Those are the basics. Two other things you should know are, first, there is a shorthand notation for a start tag followed immediately by its matching end tag. Simply write one tag with a slash put after the tag's label. Such a tag comprises an empty element. Using an empty element, the previous example could just as well be written as follows:

  <pod>Three <peas/> in the </pod>
Second, start tags can have attributes attached to them. An attribute is a name-value pair written with an equals sign in the middle. The attribute name itself is plain, unstructured text, and the value is surrounded by either double quotes ("") or single quotes ("). Attributes look like this:
  <pod peas="3" strings="true"/>

26.3 XML literals [link]

Scala lets you type in XML as a literal anywhere that an expression is valid. Simply type a start tag and then continue writing XML content. The compile will go into an XML-input mode and will read content as XML until it sees the end tag matching the start tag you began with:

  scala> <a>
           This is some XML.
           Here is a tag: <atag/>
         </a>
  res0: scala.xml.Elem = 
  <a>
           This is some XML.
           Here is a tag: <atag></atag>
         </a>
The result of this expression is of type Elem, meaning it is an XML element with a label ("a") and children ("This is some XML...," etc.). Some other important XML classes are:

You are not restricted to writing out the exact XML you want, character for character. You can evaluate Scala code in the middle of an XML literal by using curly braces ({}) as an escape. Here is a simple example:

  scala> <a> {"hello"+", world"} </a>
  res1: scala.xml.Elem = <a> hello, world </a>
A braces escape can include arbitrary Scala content, including further XML literals. Thus, as the nesting level increases, your code can switch back and forth between XML and ordinary Scala code. Here's an example:
  scala> val yearMade = 1955
  yearMade: Int = 1955
  
scala>  <a> { if (yearMade < 2000) <old>{yearMade}</old>               else xml.NodeSeq.Empty }         </a> res2: scala.xml.Elem =  <a> <old>1955</old>         </a>
If the code inside the curly braces evaluates to either an XML node or a sequence of XML nodes, those nodes are inserted directly as is. In the above example, if yearMade is less than 2000, it is wrapped in <old> tags and added to the <a> element. Otherwise, nothing is added. Note in the above example that "nothing" as an XML node is denoted with xml.NodeSeq.Empty.
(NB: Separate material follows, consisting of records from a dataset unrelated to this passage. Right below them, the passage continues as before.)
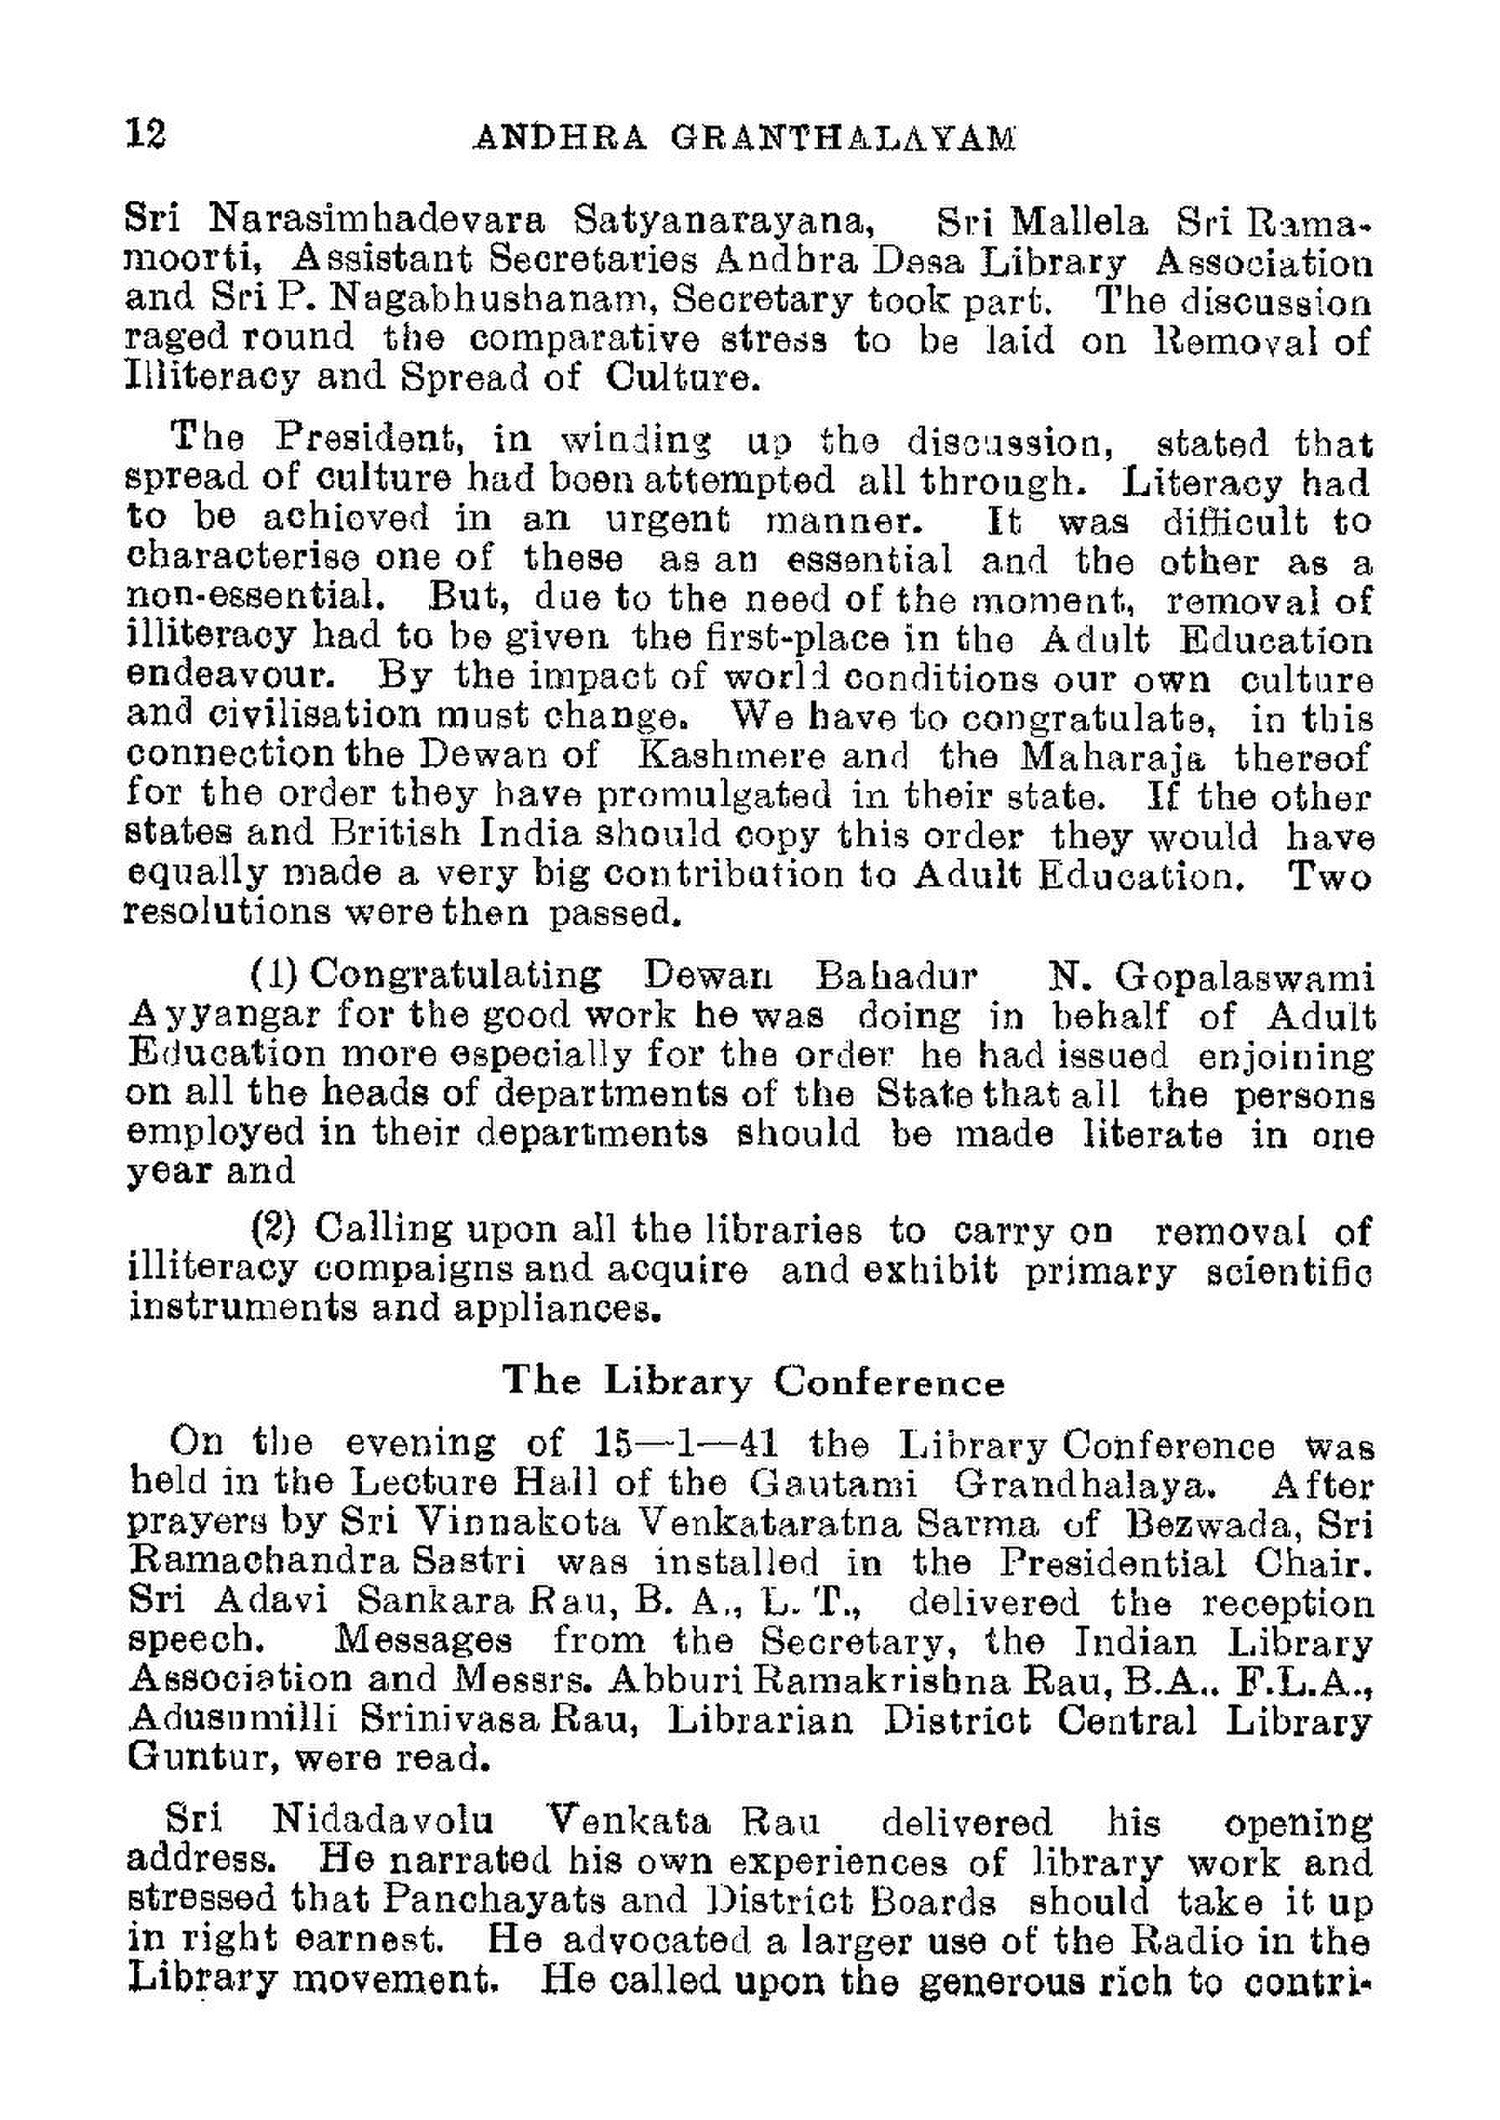Sri Narasimhadevara Satyanarayana, Sri Mallela Sri Ramamoorti, Assistant Secretaries Andbra Desa Library Association and Sri P. Nagabhushanam, Secretary took part. The discussion raged round the comparative 
stress to be laid on Removal of Illiteracy and Spread of Culture. The President, in winding up the 
discussion, stated that spread of culture had been attempted all through. Literacy had to be achieved 
in an urgent manner. It was difficult to characterize one of these as an essential and the other as a
non-essential. But, due to the need of the moment, removal of illiteracy had to be given the first-place 
in the Adult Education endeavor. By the impact of world conditions our own culture and civilization must 
change. We have to congratulate, in this connection the Dewan of Kashmere and the Maharaja thereof for 
the order they have promulgated in their state. If the other states and British India should copy this 
order they would have equally made a very big contribution to Adult Education. Two resolutions were 
then passed.

(1) Congratulating Dewan Bahadur N. Gopalaswami Ayyangar for the good work he was doing in behalf
of Adult Education more especially for the order he had issued enjoining on all the heads of 
departments of the State that all the persons employed in their departments should be made literate 
in one year and

(2) Calling upon all the libraries to carry on removal of illiteracy campaigns and acquire and 
exhibit primary scientific instruments and appliances.

On the evening of 15-1-41 the Library Conference was held in the Lecture Hall of the Gautami Grandhalaya.
After prayers by Sri Vinnakota Venkataratna Sarma of Bezwada, Sri Ramachandra Sastri was installed in the Presidential Chair. Sri Adavi Sankara Rau, B. A., L. T., delivered the reception speech. Messages from the Secretary, the Indian Library Association and Messrs. Abburi Ramakrishna Rau, B.A.. F.L.A., Adusumilli 
Srinivasa Rau, Librarian District Central Library Guntur, were read.

Sri Nidadavolu Venkata Rau delivered his opening address. He narrated his own experiences of library 
work and stressed that Panchayats and District Boards should take it up in right earnest. He advocated 
a larger use of the Radio in the Library movement. He called upon the generous rich to contri-
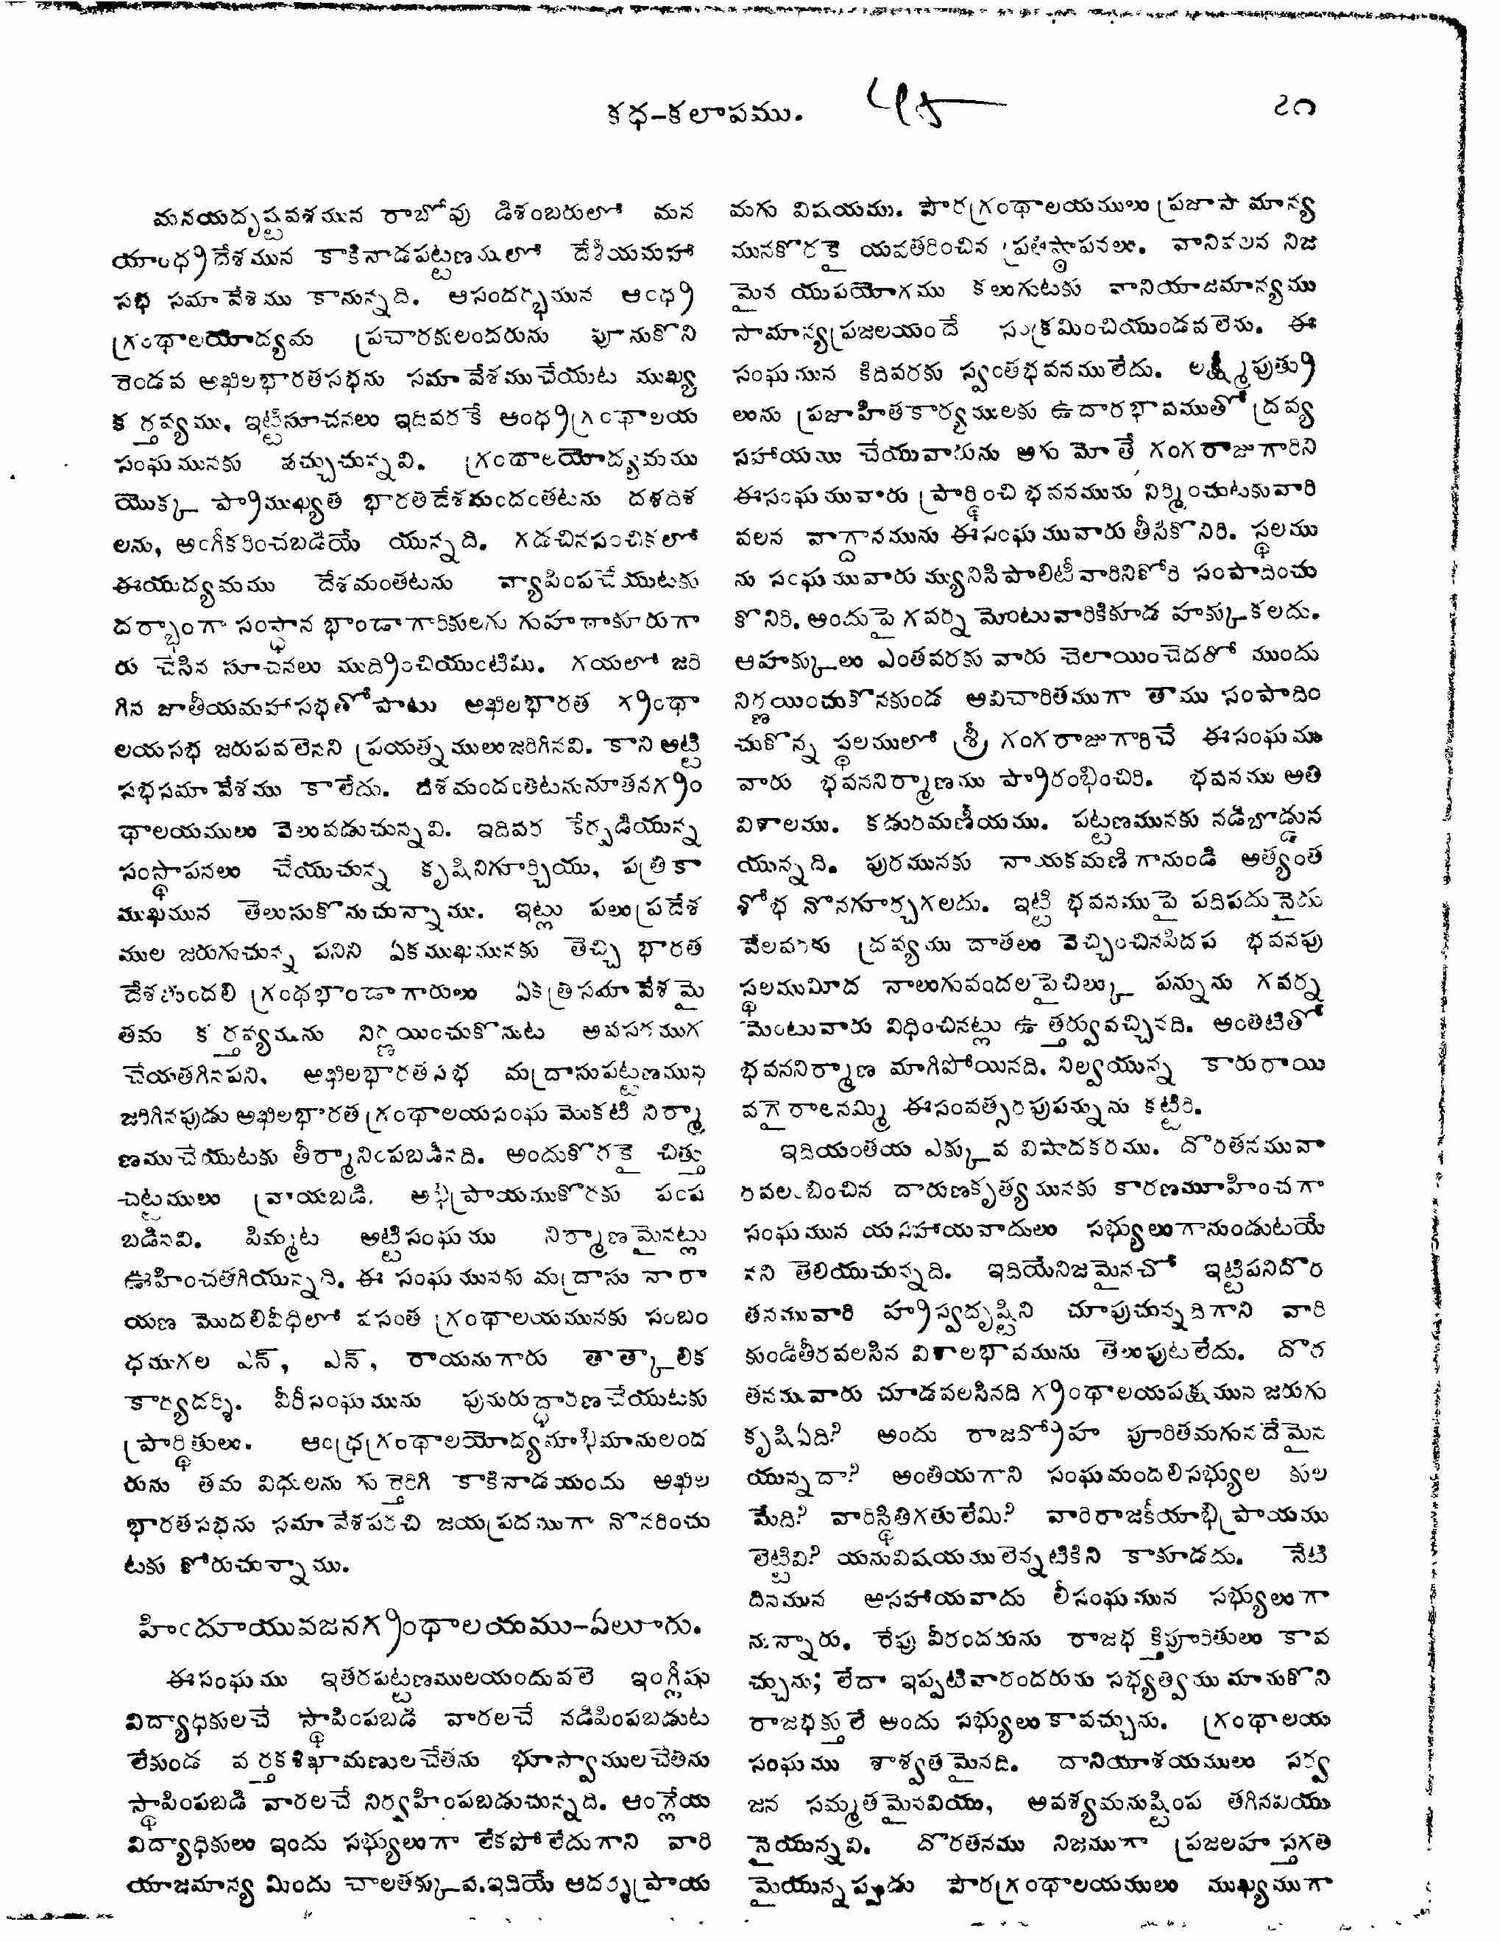మనయదృష్టవశమున రాబోవు డిశంబరులో యాంధ్ర దేశమున కాకినాడ పట్టణములో దేశీయమహాసభ సమావేశము కానున్నది. ఆసందర్భమున ఆంధ్రగ్రంథాలయోద్యమ ప్రచారకులందరును పూనుకొని రెండవ అఖిలభారతసభను సమావేశము చేయుట ముఖ్య
కర్తవ్యము. ఇట్టి సూచనలు ఇదివరకే ఆంధ్ర గ్రంథాలయ సంఘమునకు వచ్చుచున్నవి. గ్రంథాలయోద్యమము యొక్క ప్రాముఖ్యత భారతదేశమందంతటను దశదిశలను, అంగీకరించబడియే యున్నది. గడచిన సంచికలో ఈయుద్యమము దేశమంతటను వ్యాపింప చేయుటకు దర్భాంగా సంస్థాన భాండాగారికులను గుహఠాకూరుగారు చేసిన సూచనలు ముద్రించియుంటిమి. గయలో జరిగిన జాతీయమహా సభతో పాటు అఖిలభారత గ్రంథాలయసభ జరుపవలెనని ప్రయత్నములు జరిగినవి. కాని అట్టి సభ సమావేశము కాలేదు. దేశమందఁతటను నూతన గ్రంథలయములు వెలువడుచున్నవి. ఇదివర కేర్పడియున్న సంస్థాపనలు చేయుచున్న కృషినిగూర్చియు, పత్రికా ముఖమును తెలుసుకొనుచున్నాము. ఇట్లు పలు ప్రదేశముల జరుగుచున్న పనిని ఏక ముఖమునకు తెచ్చి భారత దేశమందలి గ్రంథభాండాగారులు ఏకత్ర సమావేశమై తమ కర్తవ్యమును నిర్ణయించుకొనుట అవసరముగ చేయతగినపని. అఖిలభారతసభ మద్రాసుపట్టణమున జరిగినపుడు అఖిలభారత గ్రంథాలయసంఘ మొకటి నిర్మాణముచేయుటకు తీర్మానింపబడినది. అందుకొరకై చిత్తు
చట్టములు వ్రాయబడి, అభిప్రాయముకొరకు పంపబడినవి. పిమ్మట అట్టి సంఘము నిర్మాణమైనట్లు ఊహించతగియున్నది. ఈ సంఘమునకు మద్రాసు నారాయణ మొదలివీధిలో వసంత గ్రంథాలయమునకు సంబంధముగల ఎన్.ఎన్. రాయనుగారు తాత్కాలిక
కార్యదర్శి. వీరీ సంఘమును పునురుద్ధారణ చేయుటకు ప్రార్థితులు. ఆంధ్రగ్రంథాలయోద్యమాభిమానులందరును తమ విధులను గుర్తెరిగి కాకినాడ యందు అఖిలభారతసభను సమావేశపరిచి జయప్రదముగా నొనరించుటకు కోరుచున్నాము.

ఈ సంఘము ఇతర పట్టణములయందువలె ఇంగ్లీషు విద్యాధికులచే స్థాపింపబడి వారలచే నడిపింపబడుట లేకుండ వర్తకశిఖామణుల చేతను భూస్వాములచేతను స్థాపింపబడి వారలచే నిర్వహింపబడుచున్నది. ఆంగ్లేయ విద్యాధికులు ఇందు సభ్యులుగా లేకపోలేదు గాని వారి యాజమాన్య మిందు చాలతక్కువ. ఇదియే ఆదర్శప్రాయమగు విషయము. పౌరగ్రంథాలయములు ప్రజాసామాన్యమునకొరకై యవతరించిన ప్రతిస్థాపనలు. వానివలన నిజమైన యుపయోగము కలుగుటకు వానియాజమాన్యము సామాన్యప్రజలయందే సుక్రమించి యుండవలెను. ఈ సంఘమున కిదివరకు స్వంత భవనములేదు. లక్ష్మీపుత్రులును ప్రజాహిత కార్యములకు ఉదార భావముతో ద్రవ్య
సహాయము చేయువాడును అగు మోతే గంగరాజుగారిని ఈసంఘమువారు ప్రార్థించి భవనమును నిర్మించుటకు వారివలన వాగ్దానమును 
ఈ సంఘమువారు తీసికొనిరి. స్థలమును సంఘమువారు మ్యునిసిపాలిటీ వారినికోరి సంపాదించు కొనిరి, అందుపై గవర్నమెంటు వారికి కూడ హక్కు కలదు. ఆహక్కులు ఎంతవరకు వారు చెలాయించెదరో ముందు నిర్ణయించుకొనకుండ అవిచారితముగా తాము 
సంపాదించుకొన్న స్థలములో శ్రీ గంగరాజుగారిచే ఈ సంఘము వారు భవననిర్మాణము ప్రారంభించిరి. భవనము అతి విశాలము. 
కడురమణీయము. పట్టణమునకు నడిబొడ్డున యున్నది. పురమునకు నాయకమణిగానుండి అత్యంతశోభ నొనగూర్చగలదు. ఇట్టి భవనముపై పదిపదునైదు వేలవరు ద్రవ్యము దాతలు వెచ్చించిన పిదప భవనపు స్థలముమీద నాలుగువందల పైచిల్కు పన్నును
గవర్నమెంటువారు విధించినట్లు ఉత్తర్వు వచ్చినది. అంతటితో భవననిర్మాణ మాగిపోయినది. నిల్వయున్న కారురాయి వగైరాలనమ్మి 
ఈ సంవత్సరపుపన్నును కట్టిరి.

ఇది యంతయ ఎక్కువ విషాదకరము. దొరతనమువారవల బించిన దారుణకృత్యమునకు కారణమూహించగా సంఘమున యసహాయ వాదులు సభ్యులుగానుండుటయే నని తెలియుచున్నది. ఇదియేనిజమైనచో ఇట్టిపనిదొరతనమువారి హస్వదృష్టిని చూపుచున్నదిగాని 
వారి కుండితీరవలసిన విశాల భావమును తెలుపుట లేదు. దొరతనము వారు చూడవలసినది గ్రంథాలయపక్షమున జరుగు
కృషి ఏది? అందు రాజద్రోహ పూరితమగునదేమైన యున్నదా? అంతియగాని సంఘమందిలి సభ్యుల కులమేది? వారిస్థితితులేమి? 
వారి రాజకీయాభిప్రాయము లెట్టివి? యనువిషయము లెన్నటికిని కాకూడదు. నేటి దినమున ఆసహాయవాదులీ సంఘమున సభ్యులుగా గా
నున్నారు. రేపు వీరందరును రాజభక్తిపూరితులు కావచ్చును; లేదా ఇప్పటివారందరును సభ్యత్వము మాచుకొని రాజభక్తులే అందు సభ్యులు కావచ్చును. గ్రంథాలయసంఘము శాశ్వతమైనది. దానియాశయములు సర్వజన సమ్మతమైనవియు, అవశ్యమనుష్టింప తగినవియునై యున్నవి. దొరతనము నిజముగా ప్రజలహస్తగతిమై యున్నప్పుడు పౌరగ్రంథాలయములం ముఖ్యముగా

An expression inside a brace escape does not have to evaluate to an XML node. It can evaluate to any Scala value. In such a case, the result is converted to a string and inserted as a text node:

  scala> <a> {3 + 4} </a>
  res3: scala.xml.Elem = <a> 7 </a>
Any <, >, and & characters in the text will be escaped if you print the node back out:
  scala> <a> {"</a>potential security hole<a>"} </a>
  res4: scala.xml.Elem = <a> &lt;/a&gt;potential security 
  hole&lt;a&gt; </a>
To contrast, if you create XML with low-level string operations, you will run into traps such as the following:
  scala> "<a>" + "</a>potential security hole<a>" + "</a>"
  res5: java.lang.String = <a></a>potential security 
  hole<a></a>
What happens here is that a user-supplied string has included XML tags of its own, in this case </a> and <a>. This behavior can allow some nasty surprises for the original programmer, because it allows the user to affect the resulting XML tree outside of the space provided for the user inside the <a> element. You can prevent this entire class of problems by always constructing XML using XML literals, not string appends.

26.4 Serialization [link]

You have now seen enough of Scala's XML support to write the first part of a serializer: conversion from internal data structures to XML. All you need for this are XML literals and their brace escapes.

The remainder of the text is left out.